EXERCISE
Go through the records and extract every line with the word "viewBox".

SUPPLIED DATA
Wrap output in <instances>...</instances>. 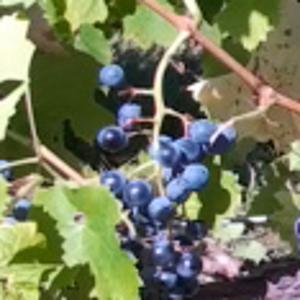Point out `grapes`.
<instances>
[{
  "instance_id": "obj_4",
  "label": "grapes",
  "mask_w": 300,
  "mask_h": 300,
  "mask_svg": "<svg viewBox=\"0 0 300 300\" xmlns=\"http://www.w3.org/2000/svg\"><path fill=\"white\" fill-rule=\"evenodd\" d=\"M32 209V203L30 199L21 197L13 202L11 206V216L13 220L22 222L26 220L28 214Z\"/></svg>"
},
{
  "instance_id": "obj_3",
  "label": "grapes",
  "mask_w": 300,
  "mask_h": 300,
  "mask_svg": "<svg viewBox=\"0 0 300 300\" xmlns=\"http://www.w3.org/2000/svg\"><path fill=\"white\" fill-rule=\"evenodd\" d=\"M126 68L114 60L100 64L95 71V79L99 85L108 90H121L127 84Z\"/></svg>"
},
{
  "instance_id": "obj_1",
  "label": "grapes",
  "mask_w": 300,
  "mask_h": 300,
  "mask_svg": "<svg viewBox=\"0 0 300 300\" xmlns=\"http://www.w3.org/2000/svg\"><path fill=\"white\" fill-rule=\"evenodd\" d=\"M238 139L237 128L203 118L186 135H153L147 146L151 159L126 176L105 170L97 177L99 187L132 212L122 246L139 256L149 283L165 300L193 299L201 292L202 261L192 251L207 241L209 227L179 210L181 202L207 187V154H228Z\"/></svg>"
},
{
  "instance_id": "obj_2",
  "label": "grapes",
  "mask_w": 300,
  "mask_h": 300,
  "mask_svg": "<svg viewBox=\"0 0 300 300\" xmlns=\"http://www.w3.org/2000/svg\"><path fill=\"white\" fill-rule=\"evenodd\" d=\"M144 120V110L135 100L120 103L114 112L116 125H108L97 130L95 143L97 147L108 153H122L129 149L132 143L133 130Z\"/></svg>"
}]
</instances>
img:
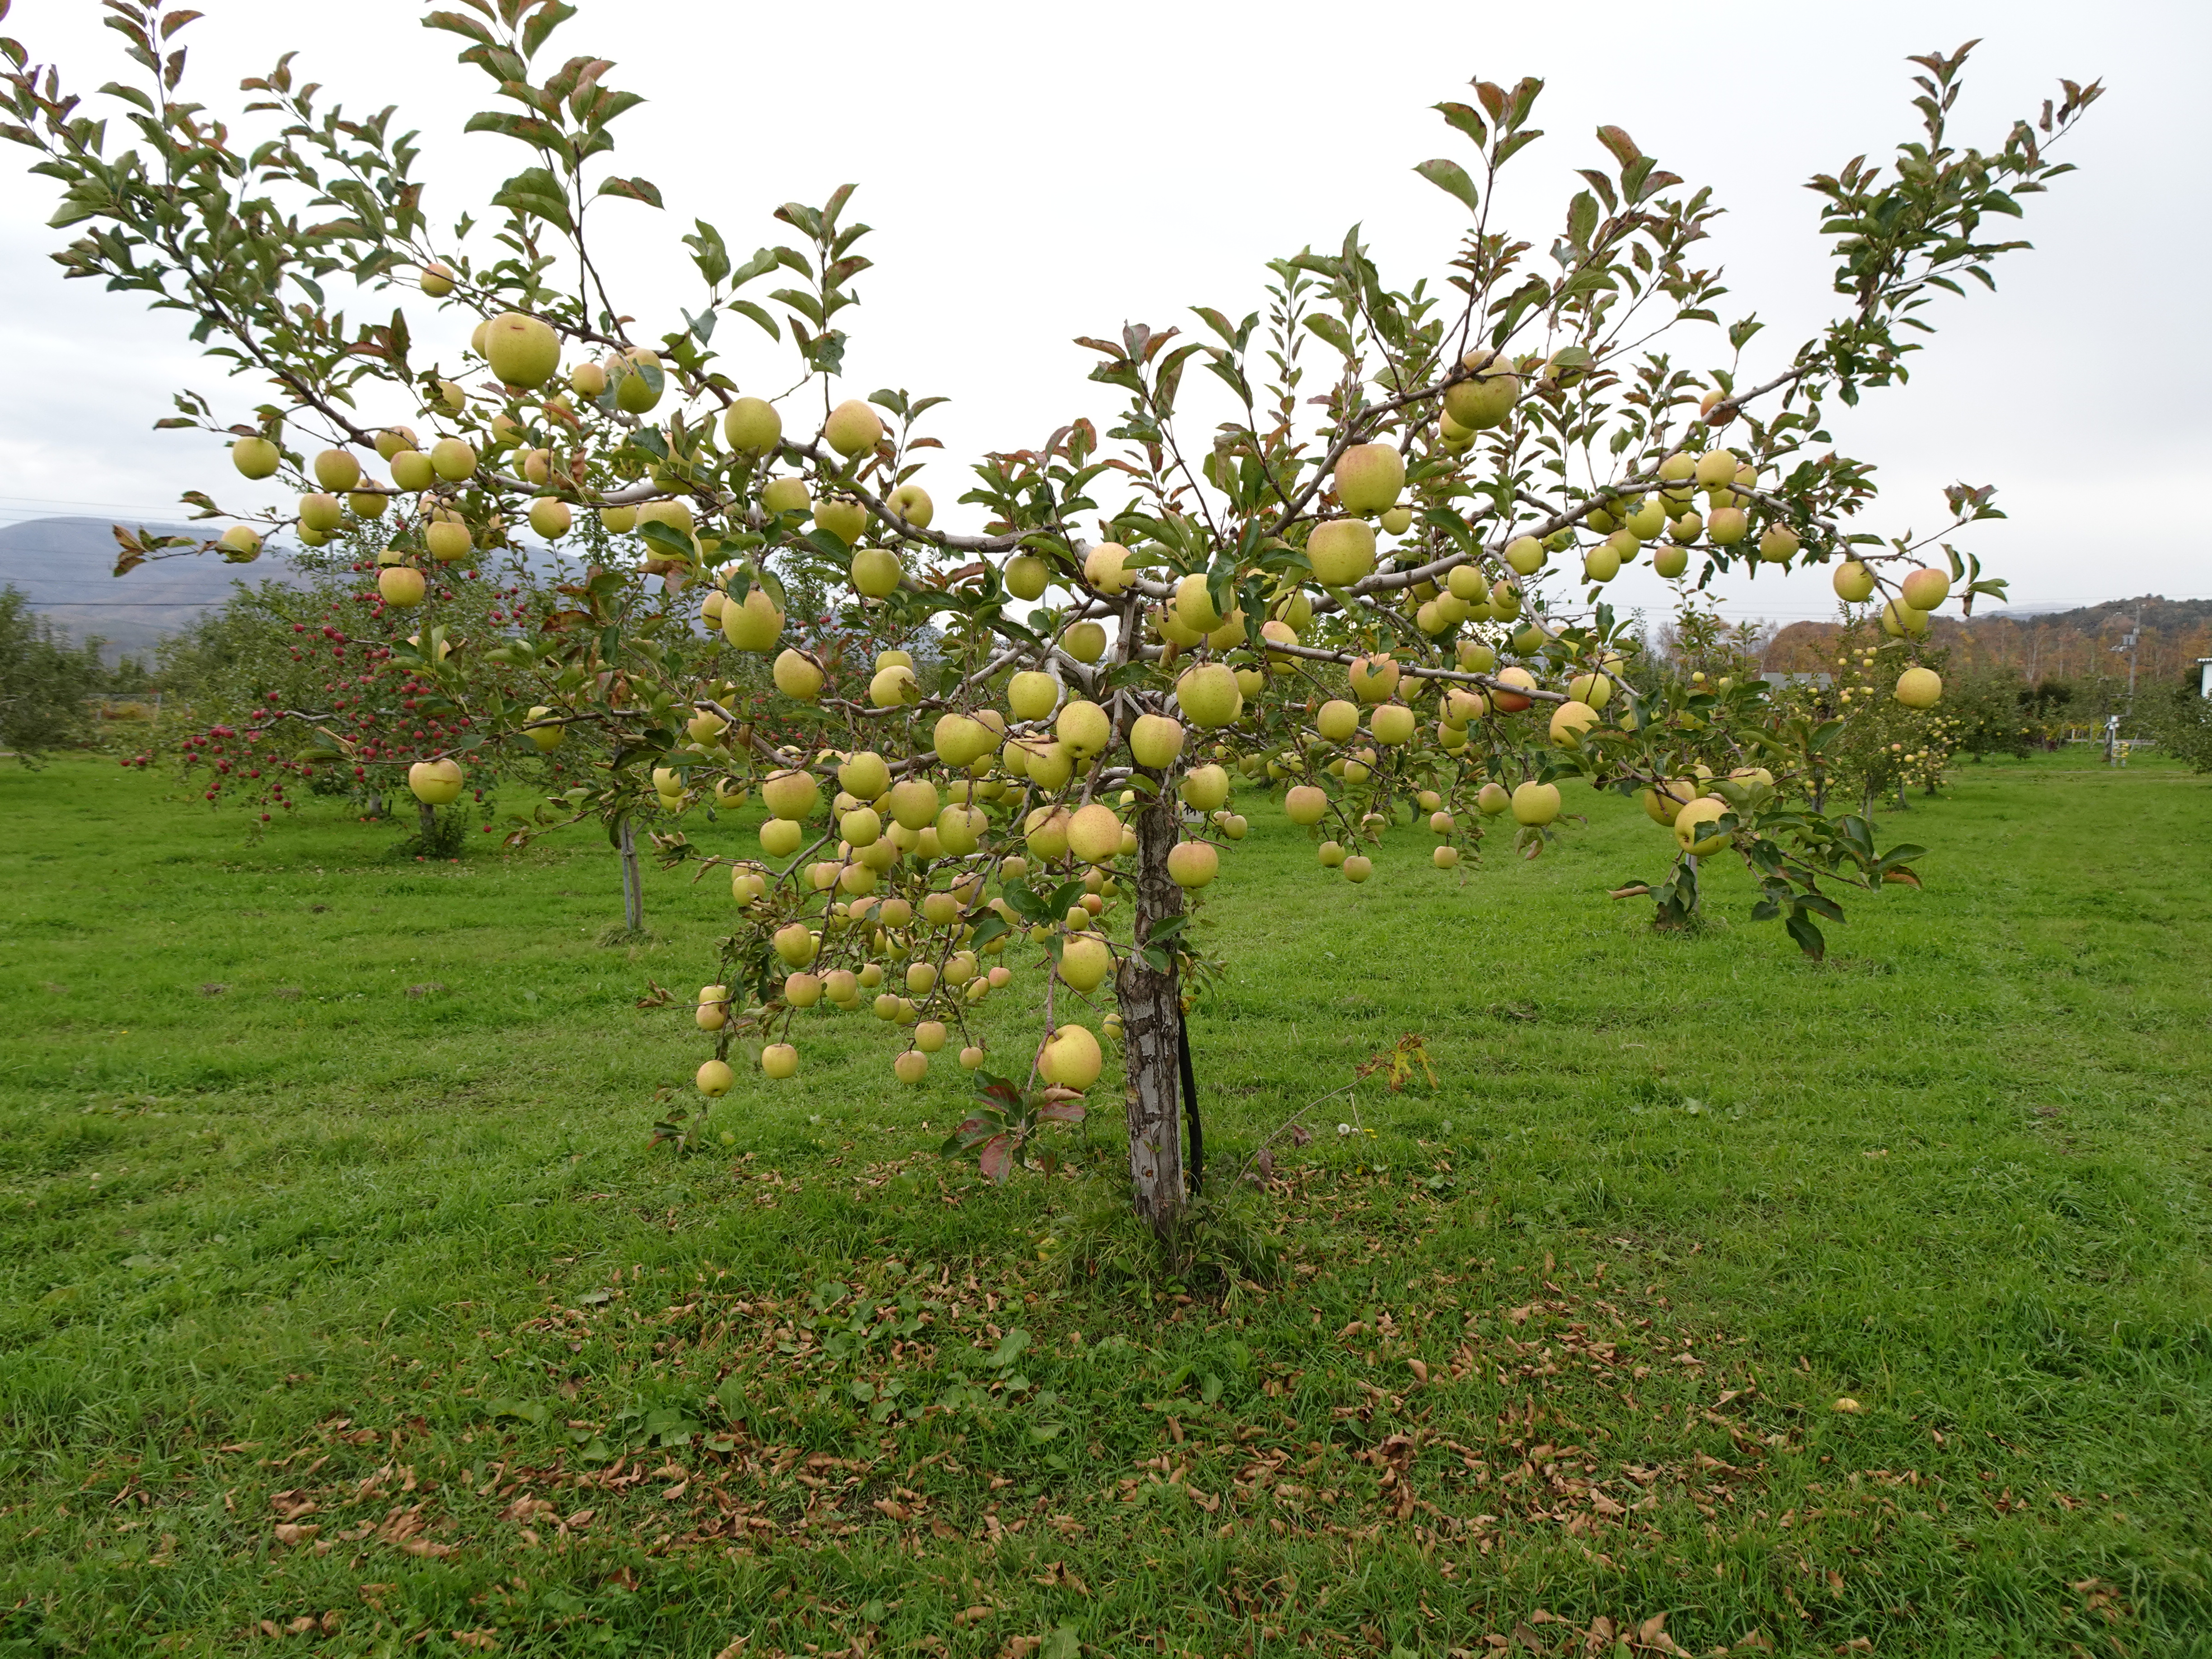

RESULT FOR THIS TASK
  "mask_svg": "<svg viewBox=\"0 0 300 300\" xmlns=\"http://www.w3.org/2000/svg\"><path fill=\"white\" fill-rule=\"evenodd\" d=\"M32 209V203L30 199L21 197L13 202L11 206V216L13 220L22 222L26 220L28 214Z\"/></svg>"
  "mask_svg": "<svg viewBox=\"0 0 300 300\" xmlns=\"http://www.w3.org/2000/svg\"><path fill=\"white\" fill-rule=\"evenodd\" d=\"M126 68L114 60L100 64L95 71V79L99 85L108 90H121L127 84Z\"/></svg>"
  "mask_svg": "<svg viewBox=\"0 0 300 300\" xmlns=\"http://www.w3.org/2000/svg\"><path fill=\"white\" fill-rule=\"evenodd\" d=\"M238 139L237 128L203 118L186 135H153L147 146L151 159L126 176L105 170L97 177L99 187L132 212L122 246L139 256L149 283L165 300L193 299L201 292L202 261L192 251L207 241L209 227L179 210L181 202L207 187V154H228Z\"/></svg>"
  "mask_svg": "<svg viewBox=\"0 0 300 300\" xmlns=\"http://www.w3.org/2000/svg\"><path fill=\"white\" fill-rule=\"evenodd\" d=\"M144 120V110L135 100L120 103L114 112L116 125H108L97 130L95 143L97 147L108 153H122L129 149L132 143L133 130Z\"/></svg>"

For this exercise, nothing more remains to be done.